Information
- League: Prospect League
- Location: Quincy, Illinois
- Ballpark: Quincy Stadium
- Founded: 1996
- Disbanded: 2023
- League championships: 6 (1996, 1998, 2005, 2009, 2011, 2014)
- Division championships: 10 (1998, 1999, 2009, 2010, 2011, 2013, 2014, 2016, 2022, 2023)
- Former name: Quincy Gems (1996–2023)
- Former league: Central Illinois Collegiate League (1996–2008)
- Ownership: Jimmie & Julie Louthan
- Management: Jacob Hollensteiner (GM) & Andie Belme (AGM)
- Media: Quincy Herald Whig, WGEM, KRRY
- Website: quincygems.com

= Quincy Gems =

American collegiate summer baseball team

The Quincy Gems were a collegiate summer league baseball team located in Quincy, Illinois.

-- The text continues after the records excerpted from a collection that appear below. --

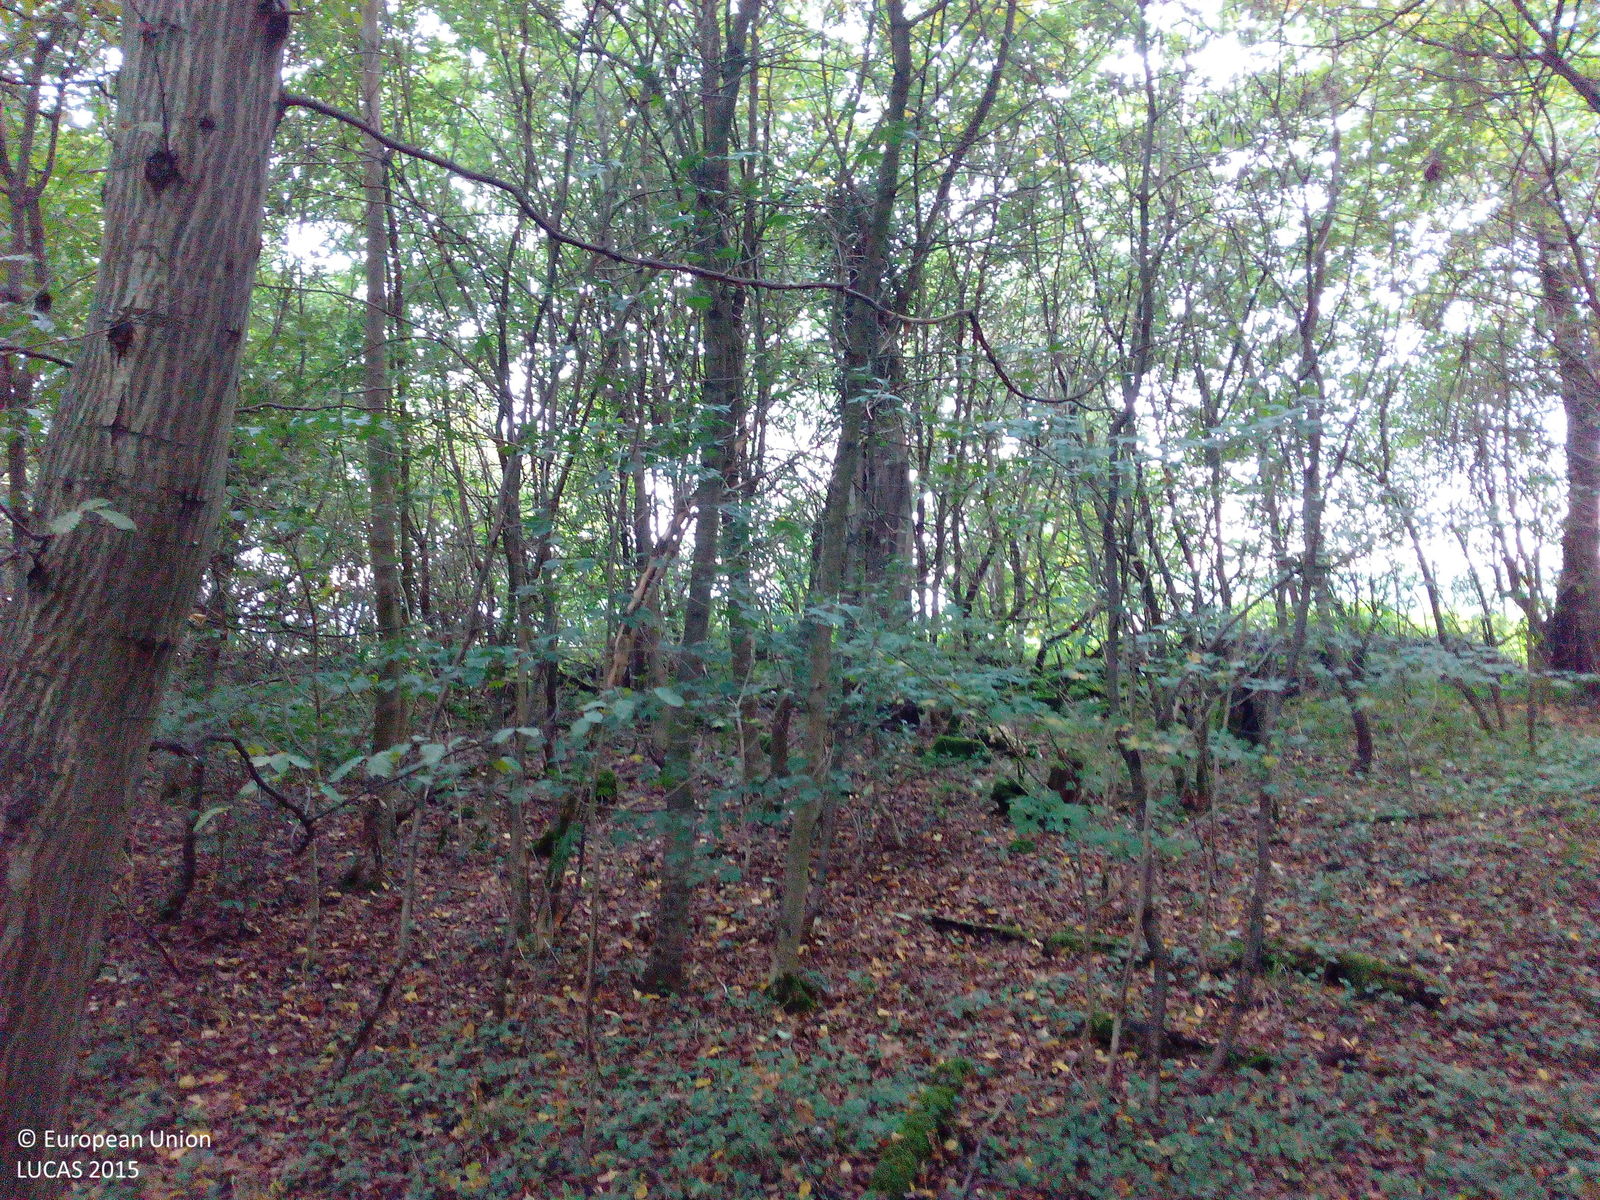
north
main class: Woodland
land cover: Broadleaved woodland
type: mesophytic deciduous forest
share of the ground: > 75 %
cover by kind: broadleaved forest trees 100 %
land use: Forestry
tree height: > 5 m
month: September
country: DE
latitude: 51.5505
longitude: 9.8414

The Gems were originally a part of the Central Illinois Collegiate League and joined the Prospect League with several other CICL teams prior to the 2009 season. The team's original owners, the Quincy Civic Center Authority, sold the Gems to its current owners in September 2014 for $120,000.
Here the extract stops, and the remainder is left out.